**Exercise directions**
Find every line in the records below that holds the word "clipPath", and copy it out.

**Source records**
========

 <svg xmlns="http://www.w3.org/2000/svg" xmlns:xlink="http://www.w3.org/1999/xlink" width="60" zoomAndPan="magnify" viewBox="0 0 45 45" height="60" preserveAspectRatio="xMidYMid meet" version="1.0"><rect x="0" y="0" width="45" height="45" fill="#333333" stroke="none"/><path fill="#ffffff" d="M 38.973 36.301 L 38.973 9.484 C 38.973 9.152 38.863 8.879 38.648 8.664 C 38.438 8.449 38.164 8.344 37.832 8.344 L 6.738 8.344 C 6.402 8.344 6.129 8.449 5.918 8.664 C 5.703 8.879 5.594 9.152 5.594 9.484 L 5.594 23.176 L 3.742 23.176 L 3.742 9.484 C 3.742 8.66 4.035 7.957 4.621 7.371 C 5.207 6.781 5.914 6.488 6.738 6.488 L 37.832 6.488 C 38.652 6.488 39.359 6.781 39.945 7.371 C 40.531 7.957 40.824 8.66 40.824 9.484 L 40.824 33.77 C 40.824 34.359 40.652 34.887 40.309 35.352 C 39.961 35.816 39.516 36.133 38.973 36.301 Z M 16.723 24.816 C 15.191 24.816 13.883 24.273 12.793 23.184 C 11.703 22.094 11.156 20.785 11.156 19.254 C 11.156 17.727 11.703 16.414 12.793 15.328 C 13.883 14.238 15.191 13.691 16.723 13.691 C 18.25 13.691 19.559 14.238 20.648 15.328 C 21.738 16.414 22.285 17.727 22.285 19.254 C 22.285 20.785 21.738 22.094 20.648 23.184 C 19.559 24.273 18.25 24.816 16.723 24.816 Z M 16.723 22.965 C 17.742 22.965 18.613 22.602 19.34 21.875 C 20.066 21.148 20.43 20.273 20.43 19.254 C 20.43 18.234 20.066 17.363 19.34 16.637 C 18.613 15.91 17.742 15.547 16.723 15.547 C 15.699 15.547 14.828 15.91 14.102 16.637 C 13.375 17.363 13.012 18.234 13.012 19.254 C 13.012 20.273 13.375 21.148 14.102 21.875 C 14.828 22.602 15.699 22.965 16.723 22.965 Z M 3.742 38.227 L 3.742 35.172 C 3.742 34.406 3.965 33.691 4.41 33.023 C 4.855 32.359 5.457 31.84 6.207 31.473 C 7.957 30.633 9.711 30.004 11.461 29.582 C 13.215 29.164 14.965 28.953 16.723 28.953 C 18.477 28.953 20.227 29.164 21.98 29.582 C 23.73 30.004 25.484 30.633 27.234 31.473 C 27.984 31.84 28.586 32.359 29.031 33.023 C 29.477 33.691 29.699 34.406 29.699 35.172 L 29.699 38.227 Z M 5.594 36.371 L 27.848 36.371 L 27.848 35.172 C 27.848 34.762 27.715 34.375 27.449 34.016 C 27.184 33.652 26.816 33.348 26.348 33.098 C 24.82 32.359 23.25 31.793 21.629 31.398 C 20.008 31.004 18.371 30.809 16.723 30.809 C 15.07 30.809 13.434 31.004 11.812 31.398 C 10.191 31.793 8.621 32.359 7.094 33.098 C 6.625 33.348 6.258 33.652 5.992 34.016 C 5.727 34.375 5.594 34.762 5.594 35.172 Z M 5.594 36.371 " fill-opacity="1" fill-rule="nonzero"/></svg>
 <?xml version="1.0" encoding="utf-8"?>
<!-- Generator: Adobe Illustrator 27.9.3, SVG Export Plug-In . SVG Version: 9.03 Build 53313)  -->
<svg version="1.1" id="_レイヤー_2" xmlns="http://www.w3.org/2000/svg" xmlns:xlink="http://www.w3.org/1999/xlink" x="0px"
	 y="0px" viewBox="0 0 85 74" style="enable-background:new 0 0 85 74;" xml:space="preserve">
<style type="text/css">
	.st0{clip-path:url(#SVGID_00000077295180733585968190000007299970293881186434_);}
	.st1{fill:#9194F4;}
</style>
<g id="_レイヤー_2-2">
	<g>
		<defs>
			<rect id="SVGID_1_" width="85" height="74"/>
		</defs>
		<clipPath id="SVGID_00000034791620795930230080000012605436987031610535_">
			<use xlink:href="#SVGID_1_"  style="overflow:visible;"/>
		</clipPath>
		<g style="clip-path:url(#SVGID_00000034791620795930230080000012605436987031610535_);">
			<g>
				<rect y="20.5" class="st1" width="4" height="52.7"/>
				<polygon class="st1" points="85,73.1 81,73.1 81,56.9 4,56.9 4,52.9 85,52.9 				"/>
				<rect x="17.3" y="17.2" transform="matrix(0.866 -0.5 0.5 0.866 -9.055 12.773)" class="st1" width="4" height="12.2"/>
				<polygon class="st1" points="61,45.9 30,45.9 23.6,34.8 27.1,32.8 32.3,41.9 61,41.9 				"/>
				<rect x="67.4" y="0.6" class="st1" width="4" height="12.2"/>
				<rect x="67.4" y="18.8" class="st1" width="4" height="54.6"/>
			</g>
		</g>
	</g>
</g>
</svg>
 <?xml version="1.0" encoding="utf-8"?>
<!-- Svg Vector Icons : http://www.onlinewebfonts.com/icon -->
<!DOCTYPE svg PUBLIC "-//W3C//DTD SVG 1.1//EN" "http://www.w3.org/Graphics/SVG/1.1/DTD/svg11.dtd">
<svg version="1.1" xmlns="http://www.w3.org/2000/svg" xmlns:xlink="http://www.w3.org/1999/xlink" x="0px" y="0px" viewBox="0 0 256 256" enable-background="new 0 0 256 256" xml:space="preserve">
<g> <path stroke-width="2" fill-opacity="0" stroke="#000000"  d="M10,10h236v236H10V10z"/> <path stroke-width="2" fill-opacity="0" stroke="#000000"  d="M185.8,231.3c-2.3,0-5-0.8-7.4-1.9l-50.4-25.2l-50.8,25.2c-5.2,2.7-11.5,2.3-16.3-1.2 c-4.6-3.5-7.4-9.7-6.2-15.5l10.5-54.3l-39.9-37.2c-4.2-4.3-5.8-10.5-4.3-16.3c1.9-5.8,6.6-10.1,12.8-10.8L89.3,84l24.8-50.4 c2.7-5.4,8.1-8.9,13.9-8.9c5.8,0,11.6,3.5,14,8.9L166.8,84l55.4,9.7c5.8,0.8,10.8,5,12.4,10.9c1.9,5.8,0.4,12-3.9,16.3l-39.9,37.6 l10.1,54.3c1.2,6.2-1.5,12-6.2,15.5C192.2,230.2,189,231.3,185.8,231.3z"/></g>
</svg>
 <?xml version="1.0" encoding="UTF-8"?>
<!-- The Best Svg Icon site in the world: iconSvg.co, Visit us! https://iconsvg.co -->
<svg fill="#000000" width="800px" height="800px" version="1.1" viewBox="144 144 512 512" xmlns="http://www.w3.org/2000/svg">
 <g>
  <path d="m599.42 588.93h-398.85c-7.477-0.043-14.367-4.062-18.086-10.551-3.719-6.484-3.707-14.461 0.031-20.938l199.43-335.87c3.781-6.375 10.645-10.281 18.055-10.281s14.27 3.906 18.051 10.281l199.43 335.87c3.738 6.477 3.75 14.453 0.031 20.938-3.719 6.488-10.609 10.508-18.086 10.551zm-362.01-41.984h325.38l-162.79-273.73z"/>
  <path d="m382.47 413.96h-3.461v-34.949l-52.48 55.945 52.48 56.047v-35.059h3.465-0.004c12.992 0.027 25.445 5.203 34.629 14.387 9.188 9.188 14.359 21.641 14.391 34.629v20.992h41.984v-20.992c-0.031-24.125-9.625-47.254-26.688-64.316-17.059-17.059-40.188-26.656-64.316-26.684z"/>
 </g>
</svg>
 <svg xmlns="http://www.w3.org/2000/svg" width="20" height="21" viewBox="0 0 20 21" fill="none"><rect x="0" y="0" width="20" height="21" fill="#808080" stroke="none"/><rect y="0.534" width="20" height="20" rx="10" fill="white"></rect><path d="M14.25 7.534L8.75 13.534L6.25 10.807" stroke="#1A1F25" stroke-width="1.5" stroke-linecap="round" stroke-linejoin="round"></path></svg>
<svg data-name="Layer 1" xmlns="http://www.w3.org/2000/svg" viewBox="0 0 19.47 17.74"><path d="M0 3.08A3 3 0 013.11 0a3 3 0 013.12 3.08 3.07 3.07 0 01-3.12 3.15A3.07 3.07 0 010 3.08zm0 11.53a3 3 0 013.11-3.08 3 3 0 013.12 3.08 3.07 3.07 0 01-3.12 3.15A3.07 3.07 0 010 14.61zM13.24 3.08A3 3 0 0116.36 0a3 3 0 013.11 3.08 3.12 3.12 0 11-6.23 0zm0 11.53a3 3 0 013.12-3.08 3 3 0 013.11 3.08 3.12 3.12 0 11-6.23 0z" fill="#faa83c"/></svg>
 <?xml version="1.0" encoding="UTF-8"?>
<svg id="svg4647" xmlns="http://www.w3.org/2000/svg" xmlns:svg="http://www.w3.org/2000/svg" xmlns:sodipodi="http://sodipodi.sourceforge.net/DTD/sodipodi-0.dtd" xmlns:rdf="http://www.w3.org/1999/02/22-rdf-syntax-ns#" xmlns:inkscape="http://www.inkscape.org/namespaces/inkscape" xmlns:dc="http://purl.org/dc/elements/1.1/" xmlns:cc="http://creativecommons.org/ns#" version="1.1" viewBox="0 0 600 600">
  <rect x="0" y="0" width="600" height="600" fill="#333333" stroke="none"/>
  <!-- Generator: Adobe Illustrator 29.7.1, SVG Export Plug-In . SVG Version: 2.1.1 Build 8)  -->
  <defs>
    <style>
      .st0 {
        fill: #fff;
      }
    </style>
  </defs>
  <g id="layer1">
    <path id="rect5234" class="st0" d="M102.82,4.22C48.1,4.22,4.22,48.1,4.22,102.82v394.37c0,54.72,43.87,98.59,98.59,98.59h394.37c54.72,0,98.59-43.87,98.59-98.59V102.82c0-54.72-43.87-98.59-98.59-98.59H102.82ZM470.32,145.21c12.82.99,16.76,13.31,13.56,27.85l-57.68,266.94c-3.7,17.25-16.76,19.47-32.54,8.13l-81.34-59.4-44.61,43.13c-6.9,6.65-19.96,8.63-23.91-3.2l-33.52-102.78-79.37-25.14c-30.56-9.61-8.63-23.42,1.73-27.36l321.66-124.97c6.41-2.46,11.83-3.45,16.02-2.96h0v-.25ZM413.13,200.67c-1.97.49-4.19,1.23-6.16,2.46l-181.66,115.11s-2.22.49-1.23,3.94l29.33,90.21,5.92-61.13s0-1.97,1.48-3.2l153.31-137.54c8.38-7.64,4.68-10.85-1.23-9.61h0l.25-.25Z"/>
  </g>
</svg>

========

**Response to the task**
		<clipPath id="SVGID_00000034791620795930230080000012605436987031610535_">
		</clipPath>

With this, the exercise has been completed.